This morning the sun crept over a snow-covered Midwest horizon screaming beautifully across the fields overlooking my front yard. I have always admired snow-covered land for its flowing beauty as nature takes hold and gives us such a sight to see. I look up at the morning sky and smile as I realize how precious each new sunrise is to me. I realize how hard I have worked to get here and how much work I have in front of me to get where I want to go someday. I have learned to readily welcome each new challenge.
I want you Trainwrecks to know, we can’t have awesome days unless we know how a shitty one feels now and again.

Like many others, I am dealing with family drama from people who simply will not go away. I will admit I am human and have allowed it to affect me so I think this week I will be an emotional adult and only respond to the drama like an adult.

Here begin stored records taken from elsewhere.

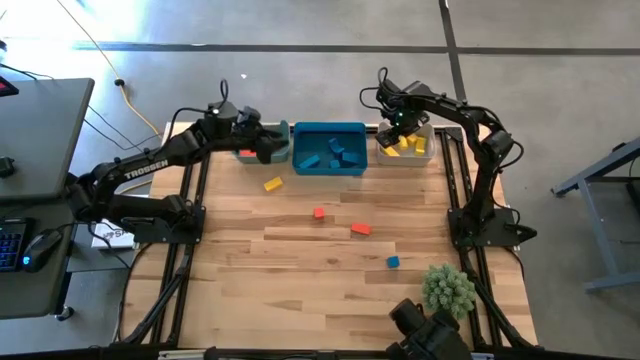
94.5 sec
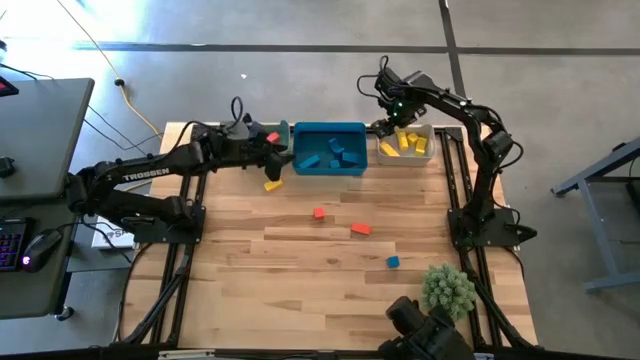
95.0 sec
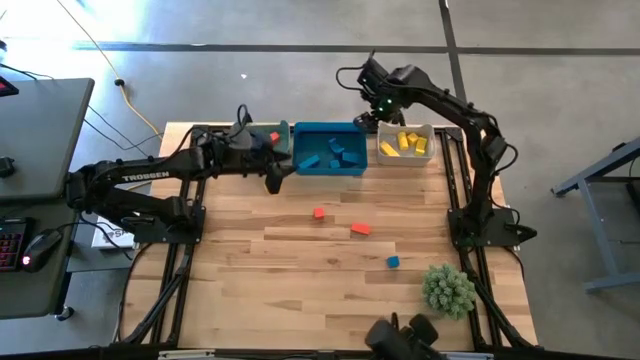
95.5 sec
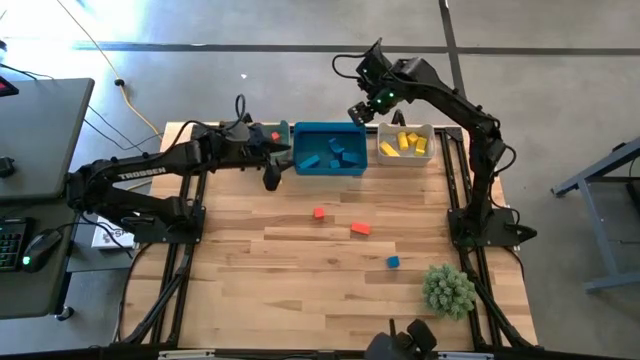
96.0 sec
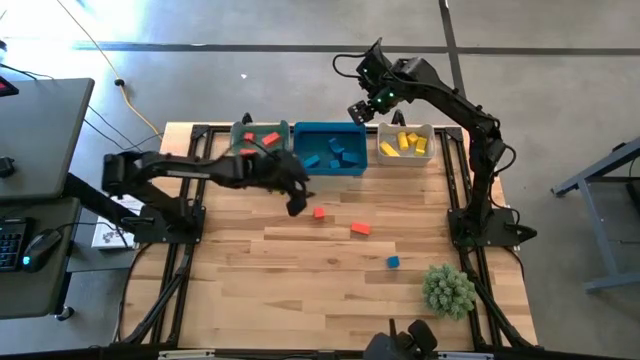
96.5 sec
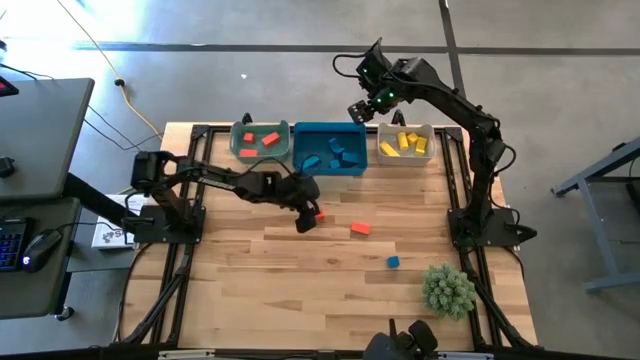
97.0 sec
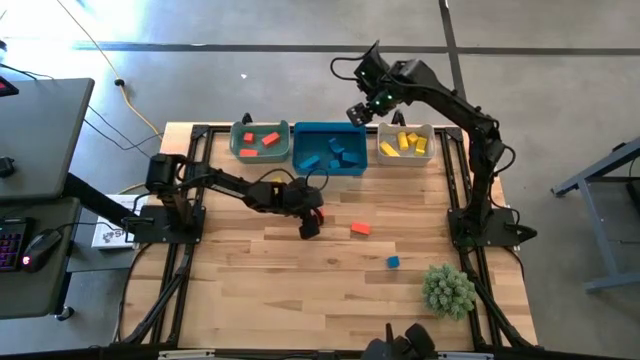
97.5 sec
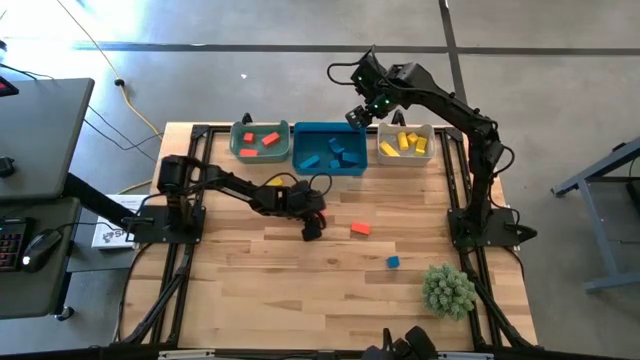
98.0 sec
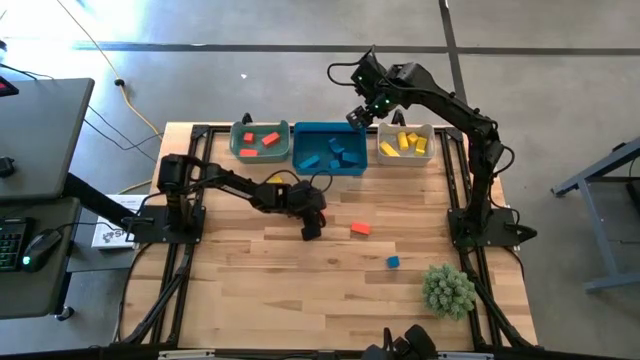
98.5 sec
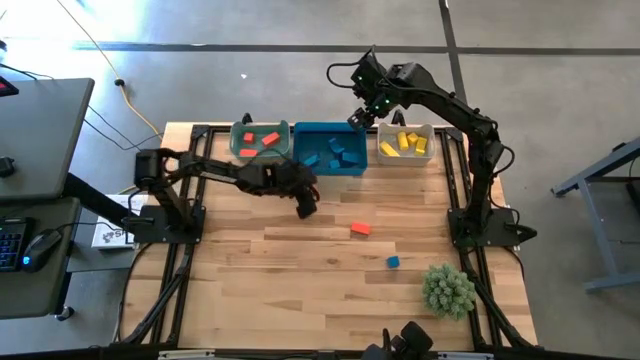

I haven’t always done that in the past and I have suffered the consequences for not being honest and upfront about my personal boundaries when others violate them. I’ve suffered the consequences for being a “nice guy” in the past and thinking it was okay to allow others to dump on me. It was my decision to allow these people to do that to me because as a messed up kid around messed up people, we develop a jaded view on ourselves, almost a belief that we somehow deserve to be treated like a family garbage can. Like it is somehow our place.
Here is the honest reality, Trainwrecks:
THAT WAS MY FAULT.

People will only do to us what we give them time and space for. Once I evaluated what I was and was not willing to hold space for in my world, I was able to move forward and eliminate the things in my life that upset me the most. Now understand something, when toxic family members foster their own desires like the ability to trash your marriage and you suddenly pull the plug on that; expect all manner of hatred and manipulation to be thrown at you. People absolutely hate it when they lose power and control over someone or something else once they have grown used to having it. One of the hardest things someone who has struggled with addiction and depression can deal with, are toxic and judgmental family members who seek to control them. We tend to cower to these narcissists which is why we need to stand up to them and kick them out of our lives, Trainwrecks.
It’s actually quite easy.

Although we shouldn’t care what others think about us (stop giving a fuck what other people think about you), we SHOULD care about the importance of our response to people who try to control us. When communicating with toxic family members we should be upfront as we try to be BRIEF, POLITE and RESPECTFUL. There are zero requirements that we be “nice.” Victims are nice. When we communicate with those we do not enjoy speaking with, it helps to think of the following things before responding:
- Sleep on it. Giving ourselves 24 hours to ensure our emotions are under control before responding is wise.
- If we must communicate with someone we do not like, we should try to stay brief, concise and as factual as we can. No insults – just the basics.
- Consider anything we communicate to someone we do not like as possibly being read by a judge or a Police Officer – don’t be stupid! Hold ourselves to a higher standard. BREATH
- Be ready to communicate the facts and our desire – and then move on. The more we mentally stress about things we cannot control, the more our mental stress will control us. THINK
- If we are not physically moving our body and causing physical stress on it in some way, shape or form we are physically wasting it away. MOVE
The holiday season family drama might bring some stress with it, but through a little bit of deep breathing, common sense and meditation it is manageable. Come on, we can do this!
You’re Welcome. Internet.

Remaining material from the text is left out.